If your target device has a console, you can run gdb directly on the device as usual, simply by compiling using the -g option and running the executable under gdb.If your target doesn’t have a console, you can still use gdb by connecting your host to your target through the serial port. You can then use gdb remotely from your host.
printf( ) and printk( )
Eventually, you have to stop developing on your host machine and start developing on the target. On the target, you will usually be pretty limited in the debug tools available to you. You may get lucky and have debug hardware that allows you to single-step your software using gdb or some other debugger, but this won’t always be the case. Eventually, you’ll get to the point where you need to debug code running at full speed in a limited environment. The best way to do that is to pepper the code with printf() or printk() (depending on whether you’re debugging application code or kernel code). Using this debug style is pretty straightforward, but it’s sometimes missed as the easiest way to localize a problem.
syslog( )
Related to printf() and printk(), described in the preceding section, is syslog(). syslog() sends a string to an error-logging process on the current machine or another machine. It’s especially handy when you’re debugging a problem on a target machine on which you don’t have a command shell. You can instruct syslog() to send debug messages to your host machine, where you can readily view them.
LEDs
What do you do if you don’t have a display or serial port or network connection? Hopefully, you have one or more LEDs that you can light up using software. This is a painful way to debug software, and can be quite time-consuming—but it has been done, and if there is no better way…
expect
Most serious software development projects result in two sets of software: the application software that answers the problem at hand, and a test suite that verifies the application software.The test suite is usually in the form of numerous small programs and scripts, each of which checks an individual aspect of the application software, returning a pass/fail result. Many of these little programs and scripts are written so that, as bugs are squashed, they test for the reappearance of the bug.

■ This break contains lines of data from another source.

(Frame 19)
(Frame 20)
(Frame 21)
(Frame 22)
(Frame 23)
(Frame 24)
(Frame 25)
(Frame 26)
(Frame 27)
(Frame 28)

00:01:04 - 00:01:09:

As the project progresses, the developer often runs the test suite to make sure the software is not sliding backward.This is called regression testing.

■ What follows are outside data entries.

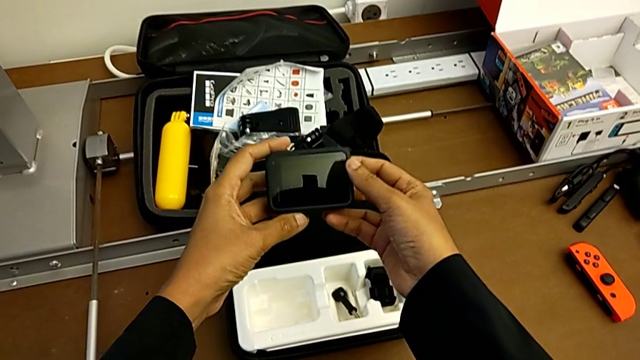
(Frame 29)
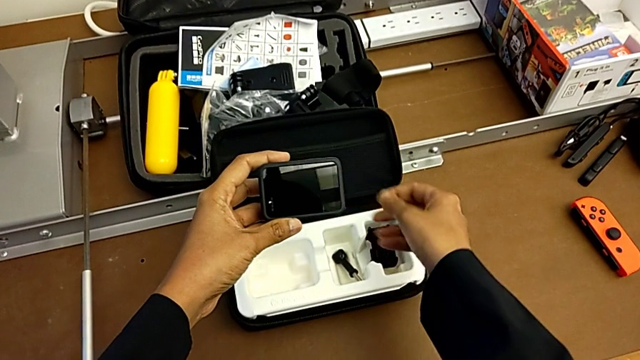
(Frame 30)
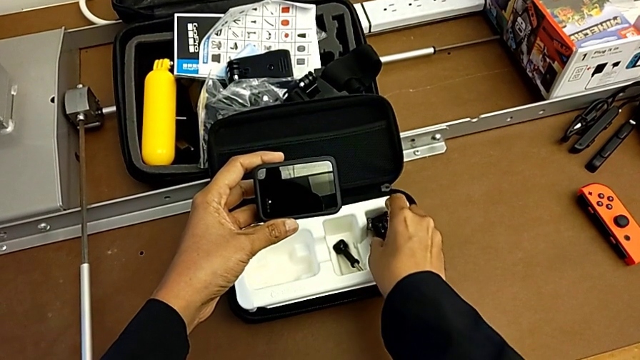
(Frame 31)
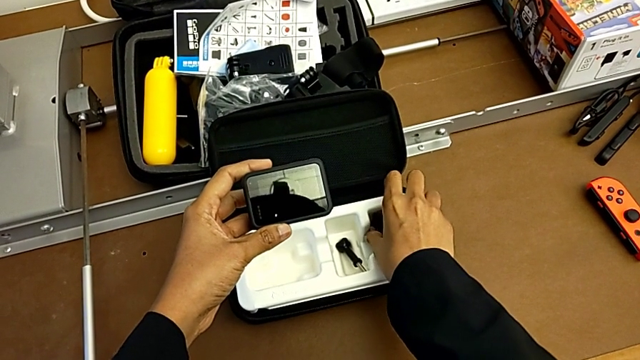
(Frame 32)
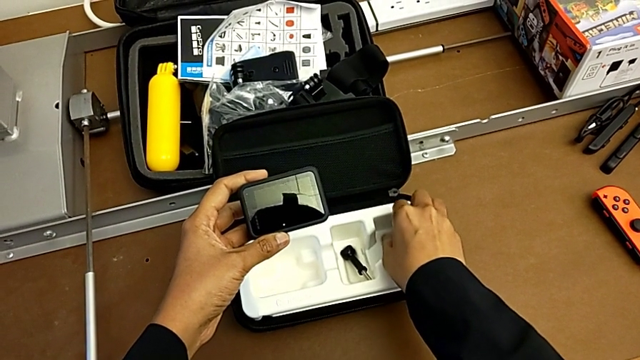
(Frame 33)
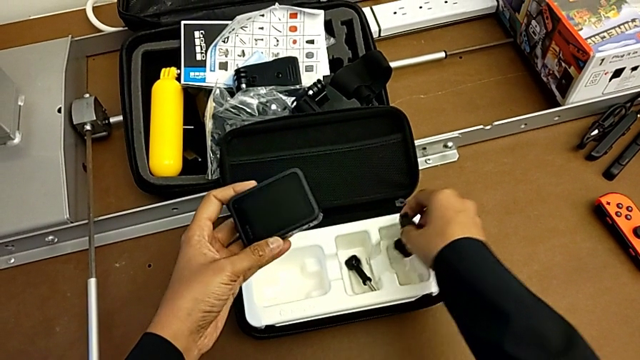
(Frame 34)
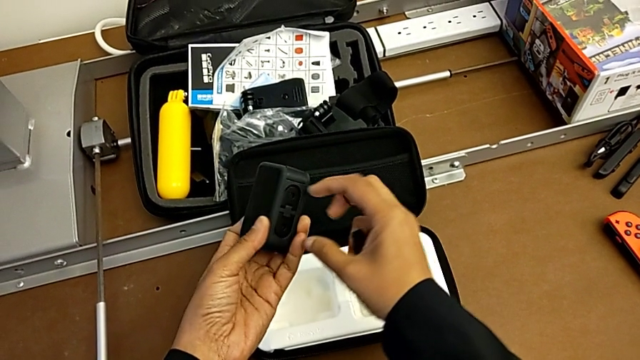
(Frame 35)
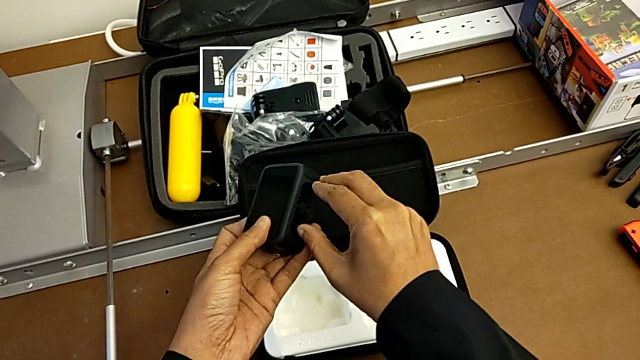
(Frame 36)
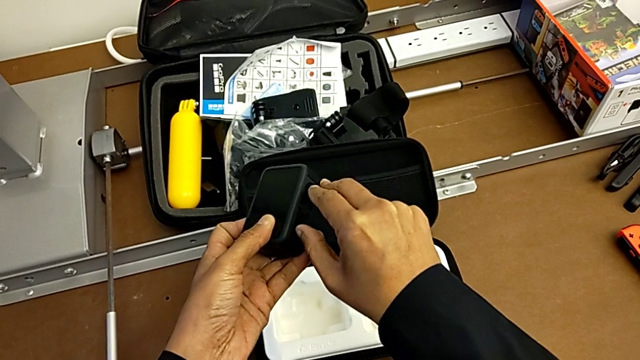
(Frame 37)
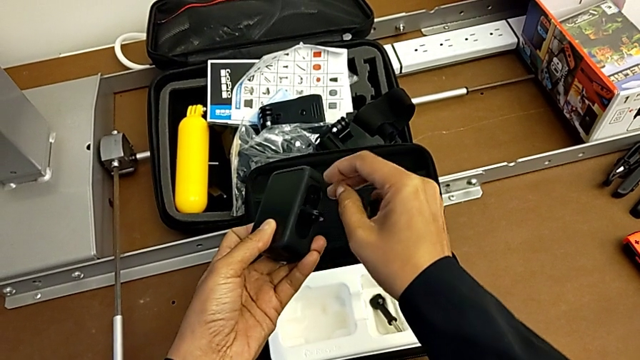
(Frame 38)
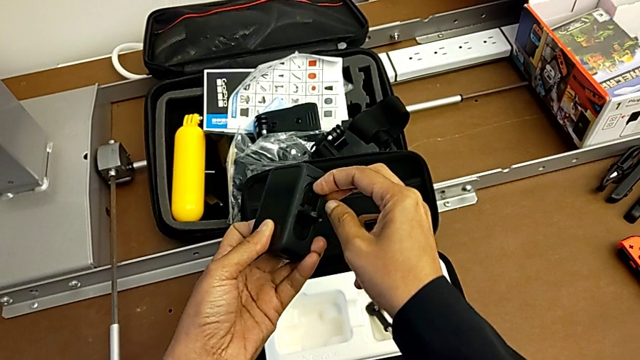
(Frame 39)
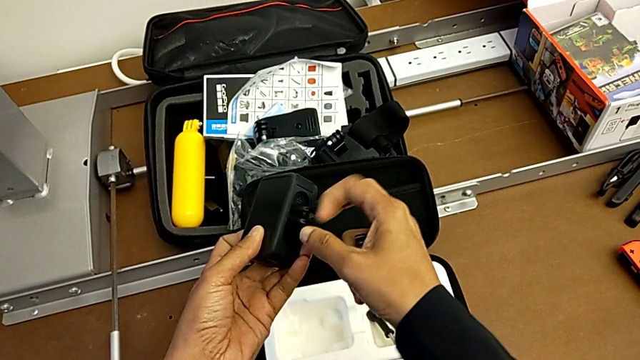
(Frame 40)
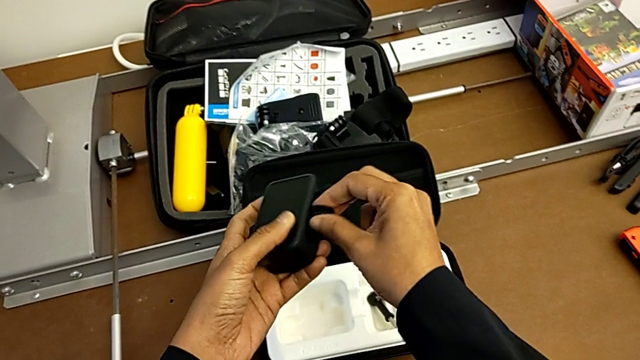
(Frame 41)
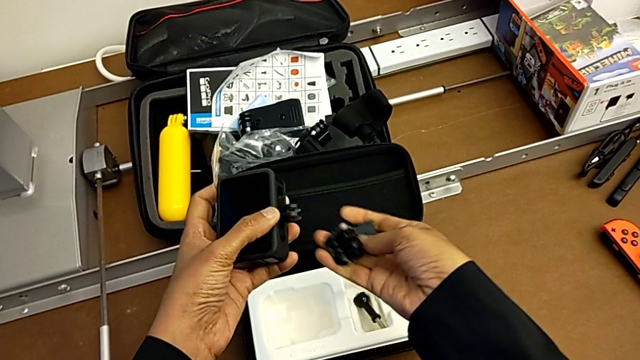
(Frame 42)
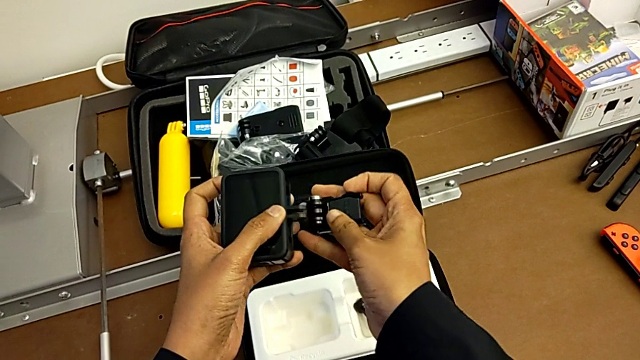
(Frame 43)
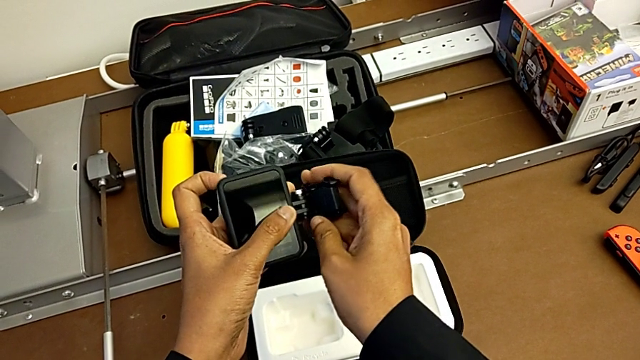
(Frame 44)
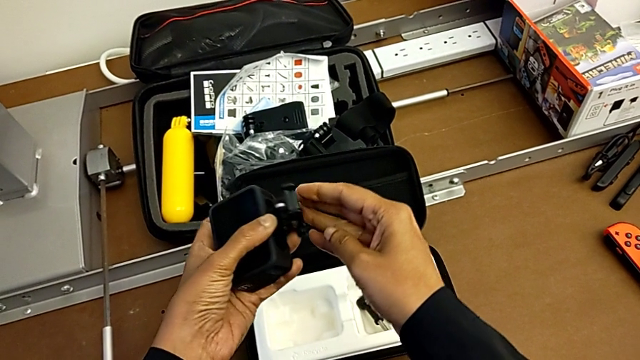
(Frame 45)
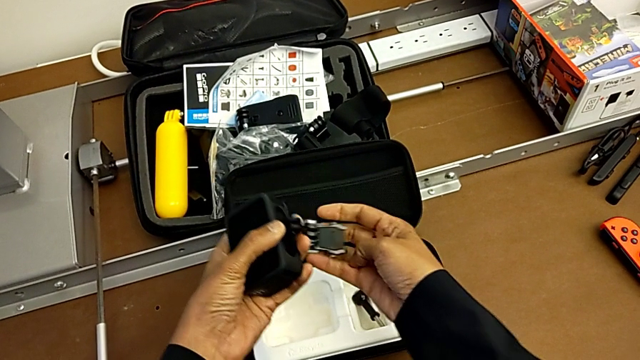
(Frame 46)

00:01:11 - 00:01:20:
The camera wearer is putting the strip on the GoPro. They grab the mounting peg, lift it, align it, place it and wrongly drop it, dropping the mount adapter accidentally.

It quickly becomes cumbersome to run each test individually, so they must somehow be scripted. However, the script normally runs on a machine separate from the target machine in an embedded environment, so how can you get the tests to run and verify the results over a serial or network link?

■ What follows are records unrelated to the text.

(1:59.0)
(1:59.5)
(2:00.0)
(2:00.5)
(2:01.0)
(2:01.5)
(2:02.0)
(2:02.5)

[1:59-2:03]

One powerful tool for scripting these tests and verifying their results is expect. From the man page:
expect is a program that “talks” to other interactive programs according to a script. Following the script, expect knows what can be expected from a program and what the correct response should be. An interpreted language provides branching and high-level control structures to direct the dialogue. In addition, the user can take control and interact directly when desired, afterward returning control to the script.
Using expect, you can build a script that connects to the embedded box, runs each diagnostic test and verifies each result. If a problem occurs, you can leave the connection open and run the test or check the status yourself.